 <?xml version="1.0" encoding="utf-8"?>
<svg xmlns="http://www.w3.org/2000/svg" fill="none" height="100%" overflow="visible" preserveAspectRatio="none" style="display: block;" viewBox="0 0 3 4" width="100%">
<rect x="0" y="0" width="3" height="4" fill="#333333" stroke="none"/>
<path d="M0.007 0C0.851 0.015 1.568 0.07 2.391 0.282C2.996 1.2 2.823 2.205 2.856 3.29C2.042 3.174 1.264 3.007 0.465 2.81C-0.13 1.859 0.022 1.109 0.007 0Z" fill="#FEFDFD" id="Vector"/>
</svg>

-=-=-=-=-

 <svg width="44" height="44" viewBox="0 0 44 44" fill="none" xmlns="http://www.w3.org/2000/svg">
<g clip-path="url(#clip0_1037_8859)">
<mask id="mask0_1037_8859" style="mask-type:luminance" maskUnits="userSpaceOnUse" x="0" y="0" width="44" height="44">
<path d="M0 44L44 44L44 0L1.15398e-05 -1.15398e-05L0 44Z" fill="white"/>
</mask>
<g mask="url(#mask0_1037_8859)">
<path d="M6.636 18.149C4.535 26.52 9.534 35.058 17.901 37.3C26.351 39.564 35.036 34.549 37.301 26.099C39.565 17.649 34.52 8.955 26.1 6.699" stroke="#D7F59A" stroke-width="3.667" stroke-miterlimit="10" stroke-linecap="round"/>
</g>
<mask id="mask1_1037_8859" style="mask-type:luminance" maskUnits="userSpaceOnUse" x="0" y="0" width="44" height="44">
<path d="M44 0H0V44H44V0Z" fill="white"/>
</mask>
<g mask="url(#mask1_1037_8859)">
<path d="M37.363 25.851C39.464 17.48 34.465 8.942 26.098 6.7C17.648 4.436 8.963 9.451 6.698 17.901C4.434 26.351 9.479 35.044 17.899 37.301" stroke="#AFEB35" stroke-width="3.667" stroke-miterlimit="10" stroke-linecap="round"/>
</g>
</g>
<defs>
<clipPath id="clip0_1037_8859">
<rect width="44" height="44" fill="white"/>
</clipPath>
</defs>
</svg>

-=-=-=-=-

> ASSIGNED TASK: From the data above, report how many lines hold the word "xmlns", answering with the number by itself.

> SOLUTION: 2